Similar question but the door is parallel to the floor but comes up at slightly away from perpendicular to the floor. I understand how shims can correct left/right leaning, is there anything that will fix this?
Thanks!


----------



## Ron6519 (Mar 28, 2007)

jayrandom said:


> Similar question but the door is parallel to the floor but comes up at slightly away from perpendicular to the floor. I understand how shims can correct left/right leaning, is there anything that will fix this?
> Thanks!


Posting a picture would really help.
Ron


----------



## jayrandom (Apr 13, 2008)

Ron6519 said:


> Posting a picture would really help.
> Ron



The forum size limits restrict the photo size, so I hope this is a good enough picture.
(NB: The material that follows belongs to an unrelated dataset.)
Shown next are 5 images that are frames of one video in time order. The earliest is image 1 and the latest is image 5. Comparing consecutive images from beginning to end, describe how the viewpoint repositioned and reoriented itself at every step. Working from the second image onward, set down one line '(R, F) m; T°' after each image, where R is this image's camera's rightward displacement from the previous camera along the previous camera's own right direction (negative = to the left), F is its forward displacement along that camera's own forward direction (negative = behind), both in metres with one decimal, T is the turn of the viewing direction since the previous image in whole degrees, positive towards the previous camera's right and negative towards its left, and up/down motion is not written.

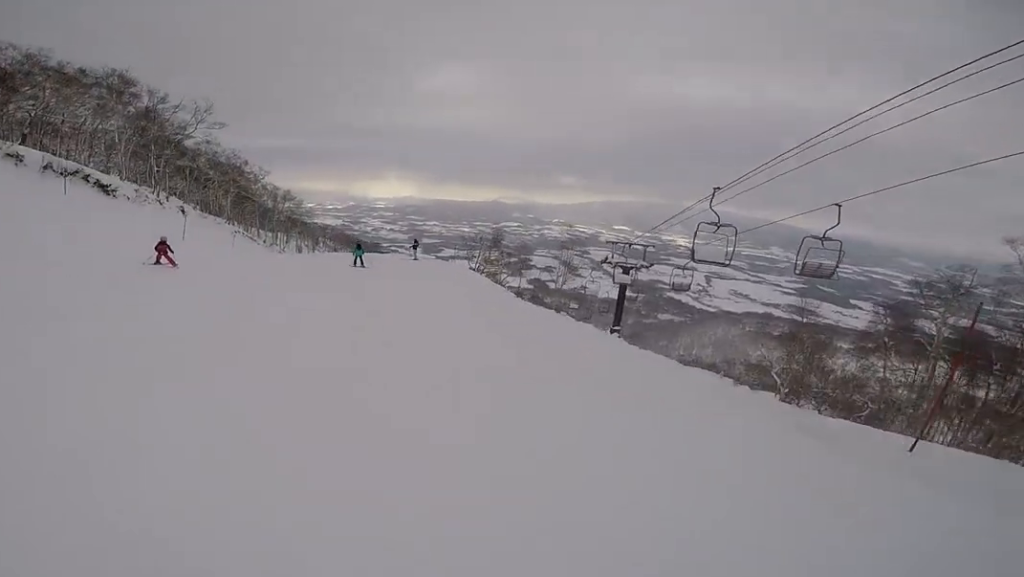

The problem is that the door top (the one without the handle) hits the door jamb well before the door bottom, meaning the door is difficult to close. The jamb appears to be wider at the top than at the bottom (by about 1/2" or so) so this alone may explain my problem. The door appears to be flush with the jamb on the hinge side.

Thanks for any advice.


----------



## Ron6519 (Mar 28, 2007)

The door jamb(s) are not plumb. Either one or the other needs to be moved for the door to hit the jamb, top and bottom, at the same time.
Since the top hits first you either have to move the top out on that side or the hinge side bottom out. Put a level on each jamb leg to see which one isn't plumb.
Ron


----------



## jayrandom (Apr 13, 2008)

Ron6519 said:


> The door jamb(s) are not plumb. Either one or the other needs to be moved for the door to hit the jamb, top and bottom, at the same time.
> Since the top hits first you either have to move the top out on that side or the hinge side bottom out. Put a level on each jamb leg to see which one isn't plumb.
> Ron


Thanks for the help. Any recommendations on how to move the jamb?
Thanks!


----------



## Ron6519 (Mar 28, 2007)

You disengage the jamb side you want to adjust by removing the moldings and cutting the fasteners holding the jamb to the rough opening. You clamp it to a position and close the door. When the door closes properly, you renail the jamb to the studs. Be aware that there are shims between the jamb and the studs. That relationship must remain constant or other issues will arise.
This is an intuitive process and it helps if you can visualize what needs to be done ahead of time. By the time you finish, you will understand what I meant.
Ron


----------